Medana I M, Chaudhri G, Chan-Ling T, Hunt N H
Departments of Pathology and Anatomy/Histology, University of Sydney, New South Wales, Australia.
Immunol Cell Biol. 2001 Apr;79(2):101-20. doi: 10.1046/j.1440-1711.2001.00995.x.
Cerebral malaria (CM) is a major life-threatening complication of Plasmodium falciparum infection in humans, responsible for up to 2 million deaths annually. The mechanisms underlying the fatal cerebral complications are still not fully understood. Many theories exist on the aetiology of human CM. The sequestration hypo-thesis suggests that adherence of parasitized erythrocytes to the cerebral vasculature leads to obstruction of the microcirculation, anoxia or metabolic disturbances affecting brain function, resulting in coma. This mechanism alone seems insufficient to explain all the known features of CM. In this review we focus on another major school of thought, that CM is the result of an over-vigorous immune response originally evolved for the protection of the host. Evidence in support of this second hypothesis comes from studies in murine malaria models in which T cells, monocytes, adhesion molecules and cytokines, have been implicated in the development of the cerebral complications. Recent studies of human CM also indicate a role for the immune system in the neurological complications. However, it is likely that multiple mechanisms are involved in the induction of cerebral complications and both the presence of parasitized erythrocytes in the central nervous system (CNS) and immunopathological processes contribute to the pathogenesis of CM. Most studies examining immunopathological responses in CM have focused on reactions occurring primarily in the systemic circulation. However, these also do not fully account for the development of cerebral complications in CM. In this review we summarize results from human and mouse studies that demonstrate morphological and functional changes in the resident glial cells of the CNS. The degree of immune activation and degeneration of glial cells was shown to reflect the extent of neurological complications in murine cerebral malaria. From these results we highlight the need to consider the potentially important contribution within the CNS of glia and their secreted products, such as cytokines, in the development of human CM.

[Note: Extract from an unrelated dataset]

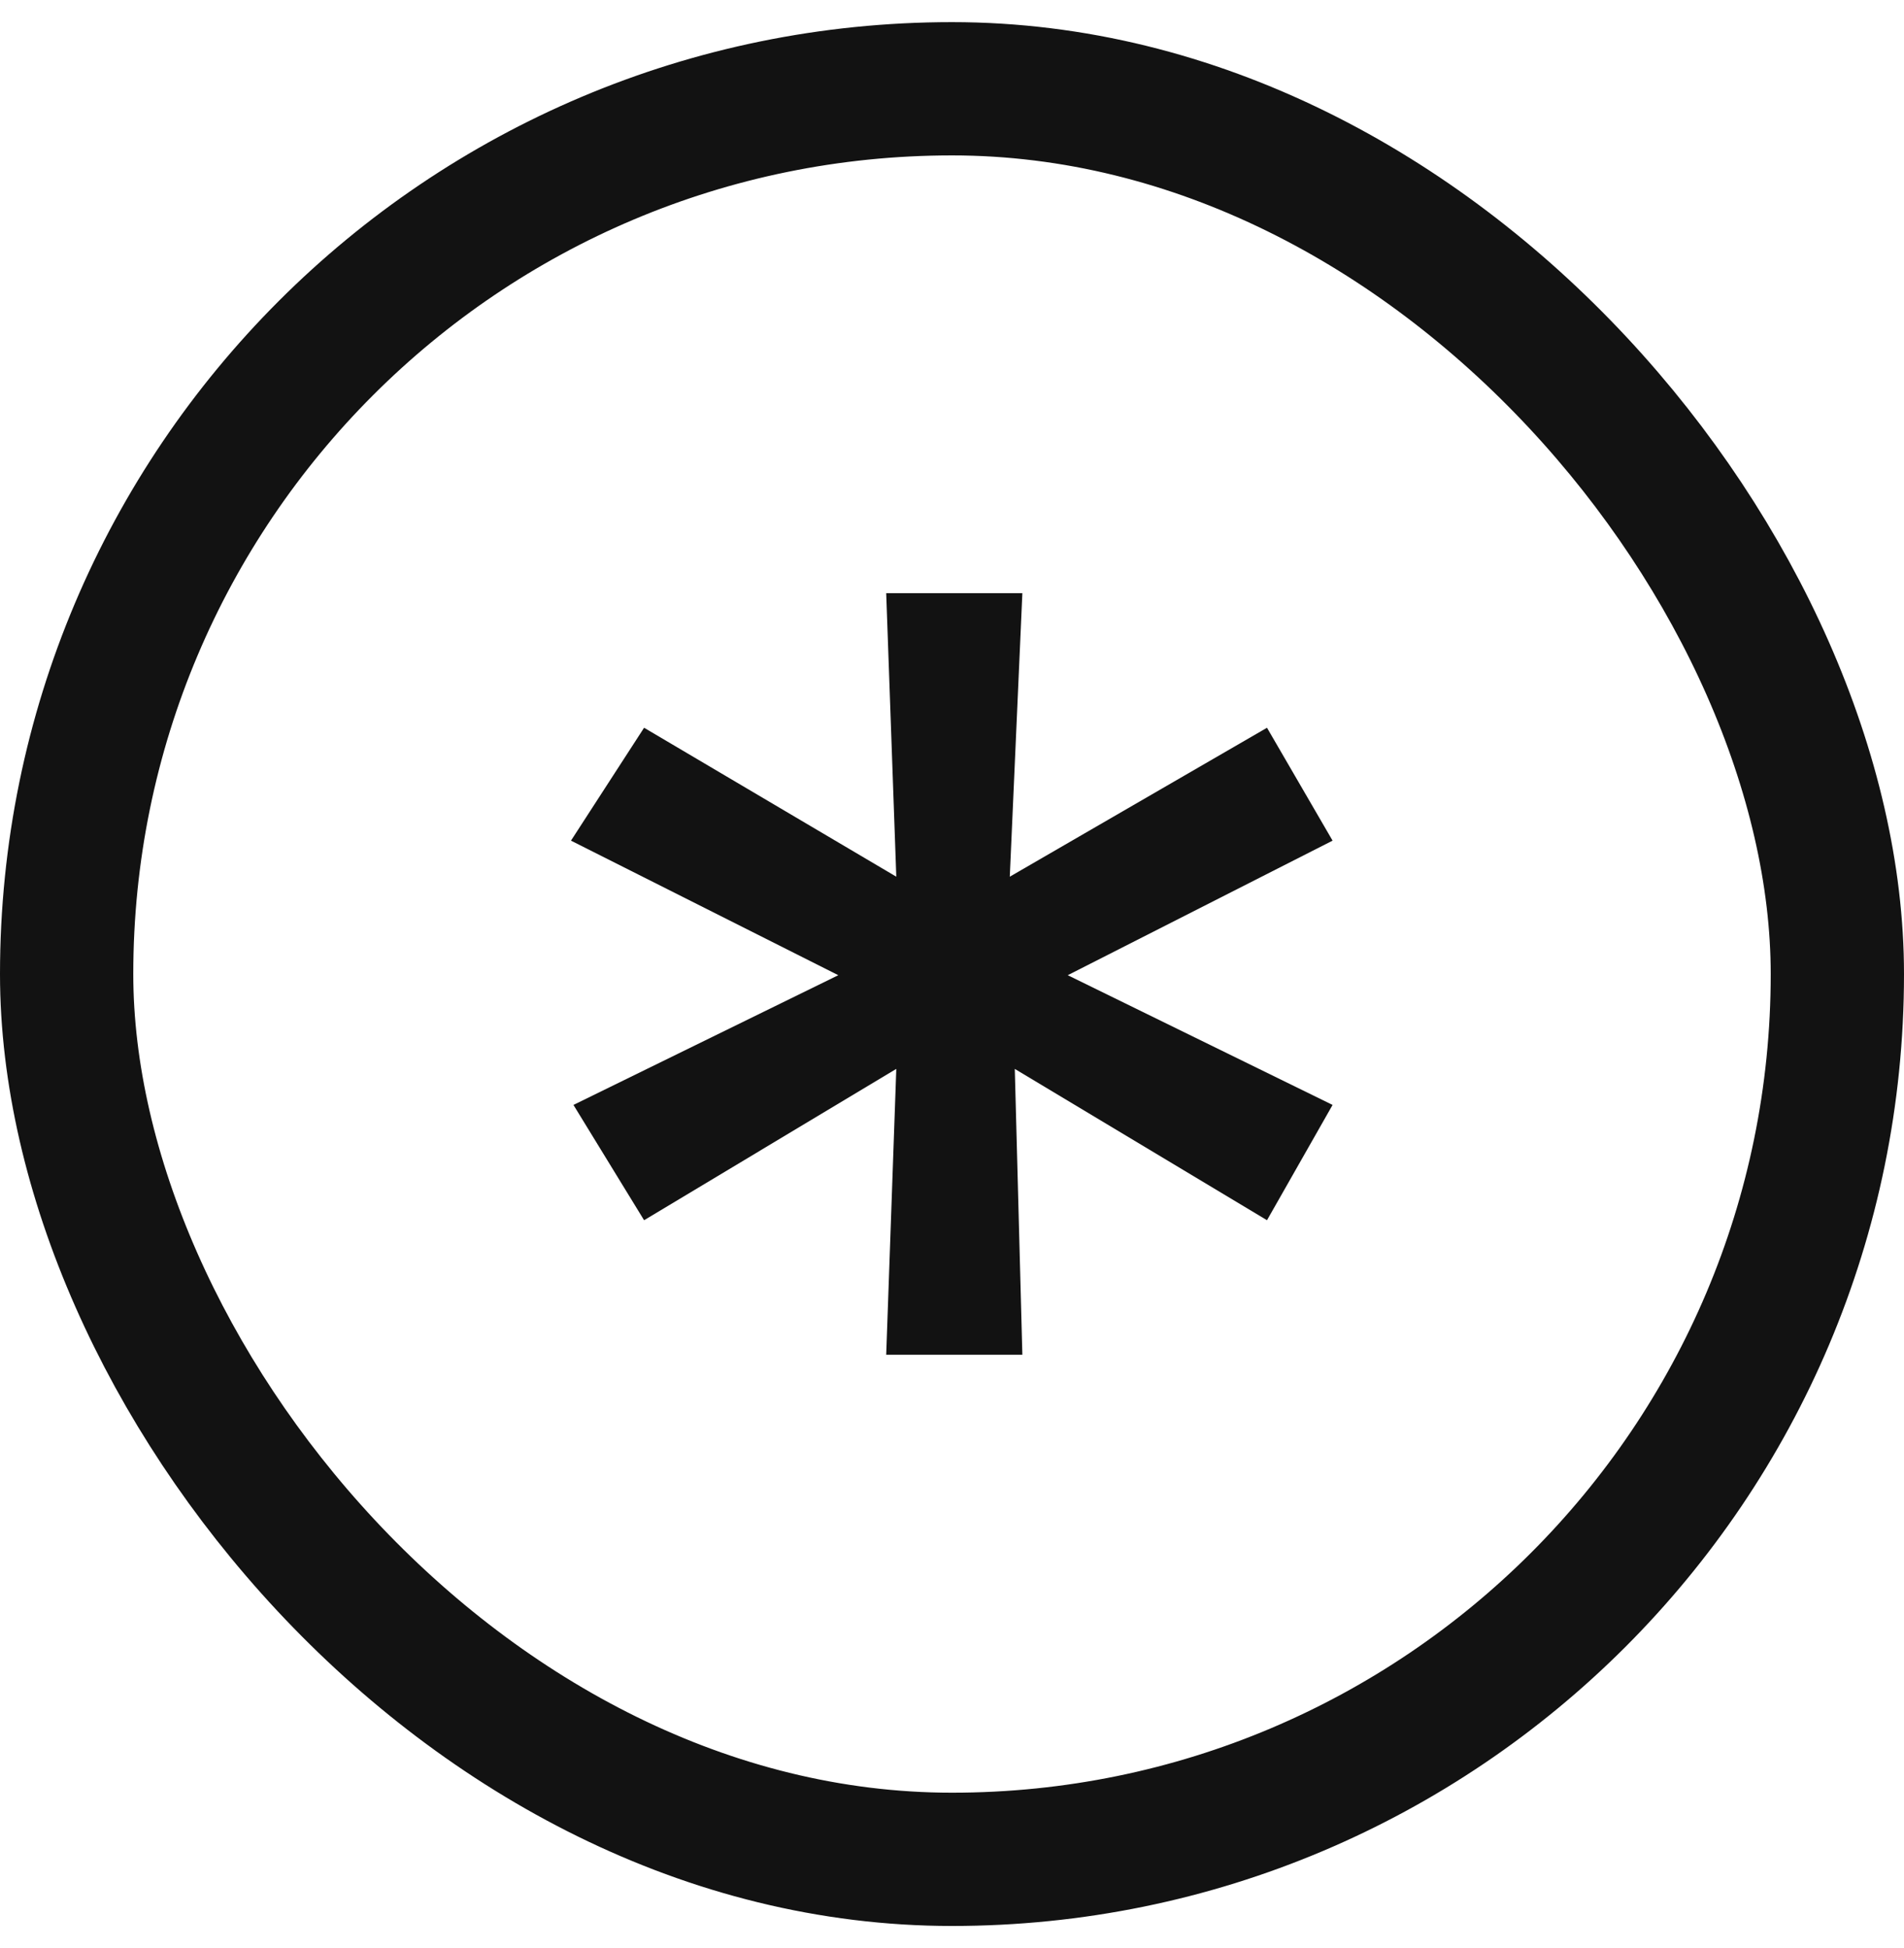 <svg width="43" height="44" viewBox="0 0 43 44" fill="none" xmlns="http://www.w3.org/2000/svg">
<rect x="1.505" y="2.005" width="39.99" height="39.99" rx="19.995" stroke="#121212" stroke-width="3.01"/>
<path d="M20.014 30.598L20.242 24.142L14.546 27.56L12.951 24.956L18.932 22.026L12.895 18.987L14.546 16.437L20.242 19.801L20.014 13.398H23.089L22.805 19.801L28.614 16.437L30.095 18.987L24.114 22.026L30.095 24.956L28.614 27.56L22.918 24.142L23.089 30.598H20.014Z" fill="#121212"/>
</svg>

脑型疟疾(CM)是人类感染恶性疟原虫后一种主要的危及生命的并发症,每年导致多达200万人死亡。致命性脑并发症的潜在机制仍未完全明确。关于人类脑型疟疾的病因存在多种理论。隔离假说认为,被寄生的红细胞黏附于脑血管会导致微循环阻塞、缺氧或影响脑功能的代谢紊乱,进而引发昏迷。但仅这一机制似乎不足以解释脑型疟疾的所有已知特征。在本综述中,我们聚焦于另一个主要的思想流派,即脑型疟疾是原本为保护宿主而进化出的过度活跃免疫反应的结果。支持这一第二种假说的证据来自对鼠疟模型的研究,其中T细胞、单核细胞、黏附分子和细胞因子与脑并发症的发展有关。对人类脑型疟疾的最新研究也表明免疫系统在神经并发症中发挥作用。然而,脑并发症的诱发可能涉及多种机制,中枢神经系统(CNS)中被寄生红细胞的存在以及免疫病理过程都对脑型疟疾的发病机制有影响。大多数研究脑型疟疾免疫病理反应的都集中在主要发生在体循环中的反应。然而,这些也不能完全解释脑型疟疾中脑并发症的发展。在本综述中,我们总结了来自人类和小鼠研究的结果,这些结果表明中枢神经系统中驻留的神经胶质细胞存在形态和功能变化。神经胶质细胞的免疫激活程度和退化程度反映了鼠脑型疟疾中神经并发症的程度。从这些结果中,我们强调在人类脑型疟疾的发展过程中,需要考虑神经胶质细胞及其分泌产物(如细胞因子)在中枢神经系统内可能的重要作用。